* [EXERCISE] State the number of lines with "stroke" in the listing, leaving out everything else.

*** Opening of EXTRACTED INFORMATION ***

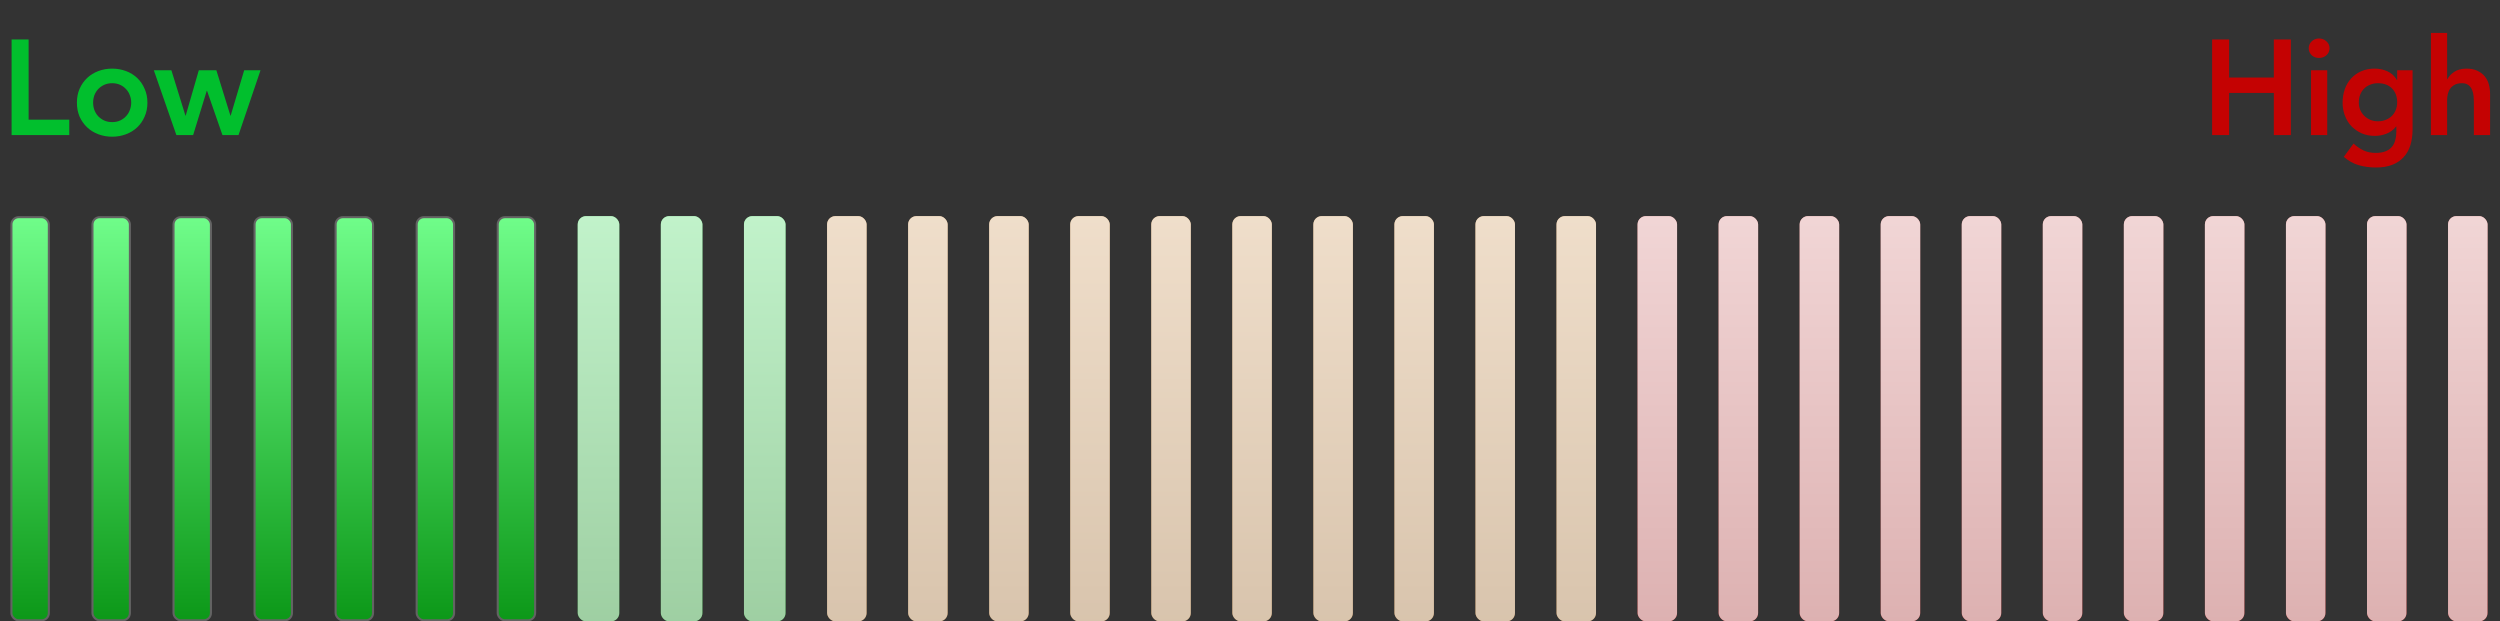 <svg width="1203" height="299" viewBox="0 0 1203 299" fill="none" xmlns="http://www.w3.org/2000/svg">
    <rect x="0" y="0" width="1203" height="299" fill="#333333" stroke="none"/>
    <rect x="5.5" y="104.5" width="18" height="194" rx="3.5" fill="url(#paint0_linear_1040_46)" stroke="#636363"/>
    <rect x="44.5" y="104.5" width="18" height="194" rx="3.5" fill="url(#paint1_linear_1040_46)" stroke="#636363"/>
    <rect x="83.5" y="104.5" width="18" height="194" rx="3.5" fill="url(#paint2_linear_1040_46)" stroke="#636363"/>
    <rect x="122.5" y="104.5" width="18" height="194" rx="3.5" fill="url(#paint3_linear_1040_46)" stroke="#636363"/>
    <rect x="161.5" y="104.5" width="18" height="194" rx="3.5" fill="url(#paint4_linear_1040_46)" stroke="#636363"/>
    <rect x="200.5" y="104.5" width="18" height="194" rx="3.5" fill="url(#paint5_linear_1040_46)" stroke="#636363"/>
    <rect x="239.5" y="104.5" width="18" height="194" rx="3.5" fill="url(#paint6_linear_1040_46)" stroke="#636363"/>
    <rect x="278" y="104" width="20" height="195" rx="4" fill="url(#paint7_linear_1040_46)"/>
    <rect x="278" y="104" width="20" height="195" rx="4" fill="#ECECEC" fill-opacity="0.65"/>
    <rect x="318" y="104" width="20" height="195" rx="4" fill="url(#paint8_linear_1040_46)"/>
    <rect x="318" y="104" width="20" height="195" rx="4" fill="#ECECEC" fill-opacity="0.65"/>
    <rect x="358" y="104" width="20" height="195" rx="4" fill="url(#paint9_linear_1040_46)"/>
    <rect x="358" y="104" width="20" height="195" rx="4" fill="#ECECEC" fill-opacity="0.65"/>
    <rect x="398" y="104" width="19" height="195" rx="4" fill="url(#paint10_linear_1040_46)"/>
    <rect x="398" y="104" width="19" height="195" rx="4" fill="#ECECEC" fill-opacity="0.7"/>
    <rect x="437" y="104" width="19" height="195" rx="4" fill="url(#paint11_linear_1040_46)"/>
    <rect x="437" y="104" width="19" height="195" rx="4" fill="#ECECEC" fill-opacity="0.7"/>
    <rect x="476" y="104" width="19" height="195" rx="4" fill="url(#paint12_linear_1040_46)"/>
    <rect x="476" y="104" width="19" height="195" rx="4" fill="#ECECEC" fill-opacity="0.7"/>
    <rect x="515" y="104" width="19" height="195" rx="4" fill="url(#paint13_linear_1040_46)"/>
    <rect x="515" y="104" width="19" height="195" rx="4" fill="#ECECEC" fill-opacity="0.7"/>
    <rect x="554" y="104" width="19" height="195" rx="4" fill="url(#paint14_linear_1040_46)"/>
    <rect x="554" y="104" width="19" height="195" rx="4" fill="#ECECEC" fill-opacity="0.7"/>
    <rect x="593" y="104" width="19" height="195" rx="4" fill="url(#paint15_linear_1040_46)"/>
    <rect x="593" y="104" width="19" height="195" rx="4" fill="#ECECEC" fill-opacity="0.7"/>
    <rect x="632" y="104" width="19" height="195" rx="4" fill="url(#paint16_linear_1040_46)"/>
    <rect x="632" y="104" width="19" height="195" rx="4" fill="#ECECEC" fill-opacity="0.7"/>
    <rect x="671" y="104" width="19" height="195" rx="4" fill="url(#paint17_linear_1040_46)"/>
    <rect x="671" y="104" width="19" height="195" rx="4" fill="#ECECEC" fill-opacity="0.7"/>
    <rect x="710" y="104" width="19" height="195" rx="4" fill="url(#paint18_linear_1040_46)"/>
    <rect x="710" y="104" width="19" height="195" rx="4" fill="#ECECEC" fill-opacity="0.7"/>
    <rect x="749" y="104" width="19" height="195" rx="4" fill="url(#paint19_linear_1040_46)"/>
    <rect x="749" y="104" width="19" height="195" rx="4" fill="#ECECEC" fill-opacity="0.7"/>
    <rect x="788" y="104" width="19" height="195" rx="4" fill="url(#paint20_linear_1040_46)"/>
    <rect x="788" y="104" width="19" height="195" rx="4" fill="#ECECEC" fill-opacity="0.75"/>
    <rect x="827" y="104" width="19" height="195" rx="4" fill="url(#paint21_linear_1040_46)"/>
    <rect x="827" y="104" width="19" height="195" rx="4" fill="#ECECEC" fill-opacity="0.75"/>
    <rect x="866" y="104" width="19" height="195" rx="4" fill="url(#paint22_linear_1040_46)"/>
    <rect x="866" y="104" width="19" height="195" rx="4" fill="#ECECEC" fill-opacity="0.75"/>
    <rect x="905" y="104" width="19" height="195" rx="4" fill="url(#paint23_linear_1040_46)"/>
    <rect x="905" y="104" width="19" height="195" rx="4" fill="#ECECEC" fill-opacity="0.75"/>
    <rect x="944" y="104" width="19" height="195" rx="4" fill="url(#paint24_linear_1040_46)"/>
    <rect x="944" y="104" width="19" height="195" rx="4" fill="#ECECEC" fill-opacity="0.75"/>
    <rect x="983" y="104" width="19" height="195" rx="4" fill="url(#paint25_linear_1040_46)"/>
    <rect x="983" y="104" width="19" height="195" rx="4" fill="#ECECEC" fill-opacity="0.75"/>
    <rect x="1022" y="104" width="19" height="195" rx="4" fill="url(#paint26_linear_1040_46)"/>
    <rect x="1022" y="104" width="19" height="195" rx="4" fill="#ECECEC" fill-opacity="0.75"/>
    <rect x="1061" y="104" width="19" height="195" rx="4" fill="url(#paint27_linear_1040_46)"/>
    <rect x="1061" y="104" width="19" height="195" rx="4" fill="#ECECEC" fill-opacity="0.75"/>
    <rect x="1100" y="104" width="19" height="195" rx="4" fill="url(#paint28_linear_1040_46)"/>
    <rect x="1100" y="104" width="19" height="195" rx="4" fill="#ECECEC" fill-opacity="0.75"/>
    <rect x="1139" y="104" width="19" height="195" rx="4" fill="url(#paint29_linear_1040_46)"/>
    <rect x="1139" y="104" width="19" height="195" rx="4" fill="#ECECEC" fill-opacity="0.75"/>
    <rect x="1178" y="104" width="19" height="195" rx="4" fill="url(#paint30_linear_1040_46)"/>
    <rect x="1178" y="104" width="19" height="195" rx="4" fill="#ECECEC" fill-opacity="0.75"/>
    <path d="M5.579 18.98H13.769V57.59H33.334V65H5.579V18.98ZM37.01 49.4C37.01 46.93 37.443 44.698 38.31 42.705C39.22 40.668 40.433 38.935 41.95 37.505C43.467 36.075 45.265 34.97 47.345 34.19C49.425 33.41 51.635 33.02 53.975 33.02C56.315 33.02 58.525 33.41 60.605 34.19C62.685 34.97 64.483 36.075 66 37.505C67.517 38.935 68.708 40.668 69.575 42.705C70.485 44.698 70.94 46.93 70.94 49.4C70.94 51.87 70.485 54.123 69.575 56.16C68.708 58.153 67.517 59.865 66 61.295C64.483 62.725 62.685 63.83 60.605 64.61C58.525 65.39 56.315 65.78 53.975 65.78C51.635 65.78 49.425 65.39 47.345 64.61C45.265 63.83 43.467 62.725 41.95 61.295C40.433 59.865 39.22 58.153 38.31 56.16C37.443 54.123 37.01 51.87 37.01 49.4ZM44.81 49.4C44.81 50.613 45.005 51.783 45.395 52.91C45.828 54.037 46.435 55.033 47.215 55.9C48.038 56.767 49.013 57.46 50.14 57.98C51.267 58.5 52.545 58.76 53.975 58.76C55.405 58.76 56.683 58.5 57.81 57.98C58.937 57.46 59.89 56.767 60.67 55.9C61.493 55.033 62.1 54.037 62.49 52.91C62.923 51.783 63.14 50.613 63.14 49.4C63.14 48.187 62.923 47.017 62.49 45.89C62.1 44.763 61.493 43.767 60.67 42.9C59.89 42.033 58.937 41.34 57.81 40.82C56.683 40.3 55.405 40.04 53.975 40.04C52.545 40.04 51.267 40.3 50.14 40.82C49.013 41.34 48.038 42.033 47.215 42.9C46.435 43.767 45.828 44.763 45.395 45.89C45.005 47.017 44.81 48.187 44.81 49.4ZM74.018 33.8H82.468L89.228 55.64H89.358L95.663 33.8H104.113L110.873 55.64H111.003L117.503 33.8H125.368L114.773 65H107.038L99.628 43.68H99.498L92.933 65H84.873L74.018 33.8Z" fill="#01BF2D"/>
    <path d="M1064.47 18.98H1072.66V37.31H1094.17V18.98H1102.36V65H1094.17V44.72H1072.66V65H1064.47V18.98ZM1112.06 33.8H1119.86V65H1112.06V33.8ZM1110.96 23.205C1110.96 21.948 1111.41 20.865 1112.32 19.955C1113.28 19.002 1114.47 18.525 1115.9 18.525C1117.33 18.525 1118.52 18.98 1119.47 19.89C1120.47 20.757 1120.97 21.862 1120.97 23.205C1120.97 24.548 1120.47 25.675 1119.47 26.585C1118.52 27.452 1117.33 27.885 1115.9 27.885C1114.47 27.885 1113.28 27.43 1112.32 26.52C1111.41 25.567 1110.96 24.462 1110.96 23.205ZM1160.93 33.8V62.205C1160.93 65.022 1160.58 67.557 1159.89 69.81C1159.2 72.107 1158.11 74.035 1156.64 75.595C1155.21 77.198 1153.39 78.433 1151.18 79.3C1148.97 80.167 1146.35 80.6 1143.31 80.6C1140.41 80.6 1137.66 80.232 1135.06 79.495C1132.46 78.758 1130.05 77.415 1127.84 75.465L1132.52 69.095C1134.08 70.525 1135.71 71.63 1137.4 72.41C1139.09 73.19 1141.04 73.58 1143.25 73.58C1145.11 73.58 1146.67 73.32 1147.93 72.8C1149.23 72.28 1150.25 71.565 1150.98 70.655C1151.76 69.745 1152.31 68.64 1152.61 67.34C1152.96 66.083 1153.13 64.675 1153.13 63.115V60.84H1153C1151.87 62.357 1150.38 63.505 1148.51 64.285C1146.65 65.022 1144.74 65.39 1142.79 65.39C1140.45 65.39 1138.33 64.978 1136.42 64.155C1134.52 63.288 1132.87 62.14 1131.48 60.71C1130.14 59.28 1129.1 57.59 1128.36 55.64C1127.63 53.69 1127.26 51.61 1127.26 49.4C1127.26 47.103 1127.61 44.958 1128.3 42.965C1128.99 40.972 1130.01 39.238 1131.35 37.765C1132.7 36.292 1134.3 35.143 1136.16 34.32C1138.07 33.453 1140.24 33.02 1142.66 33.02C1144.87 33.02 1146.93 33.453 1148.84 34.32C1150.75 35.187 1152.26 36.573 1153.39 38.48H1153.52V33.8H1160.93ZM1144.29 40.04C1142.9 40.04 1141.65 40.278 1140.52 40.755C1139.39 41.188 1138.42 41.817 1137.59 42.64C1136.81 43.42 1136.19 44.395 1135.71 45.565C1135.28 46.692 1135.06 47.948 1135.06 49.335C1135.06 50.592 1135.28 51.762 1135.71 52.845C1136.19 53.928 1136.84 54.882 1137.66 55.705C1138.48 56.528 1139.46 57.178 1140.58 57.655C1141.71 58.132 1142.92 58.37 1144.22 58.37C1145.65 58.37 1146.93 58.132 1148.06 57.655C1149.23 57.178 1150.2 56.55 1150.98 55.77C1151.81 54.947 1152.44 53.972 1152.87 52.845C1153.3 51.718 1153.52 50.505 1153.52 49.205C1153.52 46.475 1152.7 44.265 1151.05 42.575C1149.4 40.885 1147.15 40.04 1144.29 40.04ZM1177.56 38.155H1177.69C1178.3 36.855 1179.36 35.685 1180.88 34.645C1182.44 33.562 1184.43 33.02 1186.86 33.02C1188.94 33.02 1190.69 33.367 1192.12 34.06C1193.59 34.753 1194.79 35.663 1195.7 36.79C1196.61 37.917 1197.26 39.217 1197.65 40.69C1198.04 42.163 1198.23 43.702 1198.23 45.305V65H1190.43V49.205C1190.43 48.338 1190.39 47.385 1190.3 46.345C1190.21 45.262 1189.98 44.265 1189.59 43.355C1189.24 42.402 1188.68 41.622 1187.9 41.015C1187.12 40.365 1186.05 40.04 1184.71 40.04C1183.41 40.04 1182.31 40.257 1181.4 40.69C1180.53 41.123 1179.79 41.708 1179.19 42.445C1178.62 43.182 1178.21 44.027 1177.95 44.98C1177.69 45.933 1177.56 46.93 1177.56 47.97V65H1169.76V15.86H1177.56V38.155Z" fill="#C40202"/>
    <defs>
    <linearGradient id="paint0_linear_1040_46" x1="14.5" y1="104" x2="14.5" y2="299" gradientUnits="userSpaceOnUse">
    <stop stop-color="#70FD8A"/>
    <stop offset="1" stop-color="#0C9818"/>
    </linearGradient>
    <linearGradient id="paint1_linear_1040_46" x1="53.5" y1="104" x2="53.5" y2="299" gradientUnits="userSpaceOnUse">
    <stop stop-color="#70FD8A"/>
    <stop offset="1" stop-color="#0C9818"/>
    </linearGradient>
    <linearGradient id="paint2_linear_1040_46" x1="92.5" y1="104" x2="92.5" y2="299" gradientUnits="userSpaceOnUse">
    <stop stop-color="#70FD8A"/>
    <stop offset="1" stop-color="#0C9818"/>
    </linearGradient>
    <linearGradient id="paint3_linear_1040_46" x1="131.5" y1="104" x2="131.5" y2="299" gradientUnits="userSpaceOnUse">
    <stop stop-color="#70FD8A"/>
    <stop offset="1" stop-color="#0C9818"/>
    </linearGradient>
    <linearGradient id="paint4_linear_1040_46" x1="170.5" y1="104" x2="170.5" y2="299" gradientUnits="userSpaceOnUse">
    <stop stop-color="#70FD8A"/>
    <stop offset="1" stop-color="#0C9818"/>
    </linearGradient>
    <linearGradient id="paint5_linear_1040_46" x1="209.5" y1="104" x2="209.5" y2="299" gradientUnits="userSpaceOnUse">
    <stop stop-color="#70FD8A"/>
    <stop offset="1" stop-color="#0C9818"/>
    </linearGradient>
    <linearGradient id="paint6_linear_1040_46" x1="248.5" y1="104" x2="248.5" y2="299" gradientUnits="userSpaceOnUse">
    <stop stop-color="#70FD8A"/>
    <stop offset="1" stop-color="#0C9818"/>
    </linearGradient>
    <linearGradient id="paint7_linear_1040_46" x1="288" y1="104" x2="288" y2="299" gradientUnits="userSpaceOnUse">
    <stop stop-color="#70FD8A"/>
    <stop offset="1" stop-color="#0C9818"/>
    </linearGradient>
    <linearGradient id="paint8_linear_1040_46" x1="328" y1="104" x2="328" y2="299" gradientUnits="userSpaceOnUse">
    <stop stop-color="#70FD8A"/>
    <stop offset="1" stop-color="#0C9818"/>
    </linearGradient>
    <linearGradient id="paint9_linear_1040_46" x1="368" y1="104" x2="368" y2="299" gradientUnits="userSpaceOnUse">
    <stop stop-color="#70FD8A"/>
    <stop offset="1" stop-color="#0C9818"/>
    </linearGradient>
    <linearGradient id="paint10_linear_1040_46" x1="407.5" y1="104" x2="407.5" y2="299" gradientUnits="userSpaceOnUse">
    <stop stop-color="#F9BF7D"/>
    <stop offset="1" stop-color="#AD691B"/>
    </linearGradient>
    <linearGradient id="paint11_linear_1040_46" x1="446.5" y1="104" x2="446.5" y2="299" gradientUnits="userSpaceOnUse">
    <stop stop-color="#F9BF7D"/>
    <stop offset="1" stop-color="#AD691B"/>
    </linearGradient>
    <linearGradient id="paint12_linear_1040_46" x1="485.5" y1="104" x2="485.5" y2="299" gradientUnits="userSpaceOnUse">
    <stop stop-color="#F9BF7D"/>
    <stop offset="1" stop-color="#AD691B"/>
    </linearGradient>
    <linearGradient id="paint13_linear_1040_46" x1="524.5" y1="104" x2="524.5" y2="299" gradientUnits="userSpaceOnUse">
    <stop stop-color="#F9BF7D"/>
    <stop offset="1" stop-color="#AD691B"/>
    </linearGradient>
    <linearGradient id="paint14_linear_1040_46" x1="563.5" y1="104" x2="563.5" y2="299" gradientUnits="userSpaceOnUse">
    <stop stop-color="#F9BF7D"/>
    <stop offset="1" stop-color="#AD691B"/>
    </linearGradient>
    <linearGradient id="paint15_linear_1040_46" x1="602.5" y1="104" x2="602.5" y2="299" gradientUnits="userSpaceOnUse">
    <stop stop-color="#F9BF7D"/>
    <stop offset="1" stop-color="#AD691B"/>
    </linearGradient>
    <linearGradient id="paint16_linear_1040_46" x1="641.5" y1="104" x2="641.5" y2="299" gradientUnits="userSpaceOnUse">
    <stop stop-color="#F9BF7D"/>
    <stop offset="1" stop-color="#AD691B"/>
    </linearGradient>
    <linearGradient id="paint17_linear_1040_46" x1="680.5" y1="104" x2="680.5" y2="299" gradientUnits="userSpaceOnUse">
    <stop stop-color="#F9BF7D"/>
    <stop offset="1" stop-color="#AD691B"/>
    </linearGradient>
    <linearGradient id="paint18_linear_1040_46" x1="719.5" y1="104" x2="719.5" y2="299" gradientUnits="userSpaceOnUse">
    <stop stop-color="#F9BF7D"/>
    <stop offset="1" stop-color="#AD691B"/>
    </linearGradient>
    <linearGradient id="paint19_linear_1040_46" x1="758.5" y1="104" x2="758.5" y2="299" gradientUnits="userSpaceOnUse">
    <stop stop-color="#F9BF7D"/>
    <stop offset="1" stop-color="#AD691B"/>
    </linearGradient>
    <linearGradient id="paint20_linear_1040_46" x1="797.5" y1="104" x2="797.5" y2="299" gradientUnits="userSpaceOnUse">
    <stop stop-color="#FF9191"/>
    <stop offset="1" stop-color="#AF0000"/>
    </linearGradient>
    <linearGradient id="paint21_linear_1040_46" x1="836.5" y1="104" x2="836.5" y2="299" gradientUnits="userSpaceOnUse">
    <stop stop-color="#FF9191"/>
    <stop offset="1" stop-color="#AF0000"/>
    </linearGradient>
    <linearGradient id="paint22_linear_1040_46" x1="875.5" y1="104" x2="875.5" y2="299" gradientUnits="userSpaceOnUse">
    <stop stop-color="#FF9191"/>
    <stop offset="1" stop-color="#AF0000"/>
    </linearGradient>
    <linearGradient id="paint23_linear_1040_46" x1="914.5" y1="104" x2="914.5" y2="299" gradientUnits="userSpaceOnUse">
    <stop stop-color="#FF9191"/>
    <stop offset="1" stop-color="#AF0000"/>
    </linearGradient>
    <linearGradient id="paint24_linear_1040_46" x1="953.5" y1="104" x2="953.5" y2="299" gradientUnits="userSpaceOnUse">
    <stop stop-color="#FF9191"/>
    <stop offset="1" stop-color="#AF0000"/>
    </linearGradient>
    <linearGradient id="paint25_linear_1040_46" x1="992.5" y1="104" x2="992.5" y2="299" gradientUnits="userSpaceOnUse">
    <stop stop-color="#FF9191"/>
    <stop offset="1" stop-color="#AF0000"/>
    </linearGradient>
    <linearGradient id="paint26_linear_1040_46" x1="1031.5" y1="104" x2="1031.5" y2="299" gradientUnits="userSpaceOnUse">
    <stop stop-color="#FF9191"/>
    <stop offset="1" stop-color="#AF0000"/>
    </linearGradient>
    <linearGradient id="paint27_linear_1040_46" x1="1070.5" y1="104" x2="1070.5" y2="299" gradientUnits="userSpaceOnUse">
    <stop stop-color="#FF9191"/>
    <stop offset="1" stop-color="#AF0000"/>
    </linearGradient>
    <linearGradient id="paint28_linear_1040_46" x1="1109.5" y1="104" x2="1109.5" y2="299" gradientUnits="userSpaceOnUse">
    <stop stop-color="#FF9191"/>
    <stop offset="1" stop-color="#AF0000"/>
    </linearGradient>
    <linearGradient id="paint29_linear_1040_46" x1="1148.5" y1="104" x2="1148.5" y2="299" gradientUnits="userSpaceOnUse">
    <stop stop-color="#FF9191"/>
    <stop offset="1" stop-color="#AF0000"/>
    </linearGradient>
    <linearGradient id="paint30_linear_1040_46" x1="1187.5" y1="104" x2="1187.5" y2="299" gradientUnits="userSpaceOnUse">
    <stop stop-color="#FF9191"/>
    <stop offset="1" stop-color="#AF0000"/>
    </linearGradient>
    </defs>
    </svg>

*** Close of EXTRACTED INFORMATION ***

* [TASK SOLUTION] 8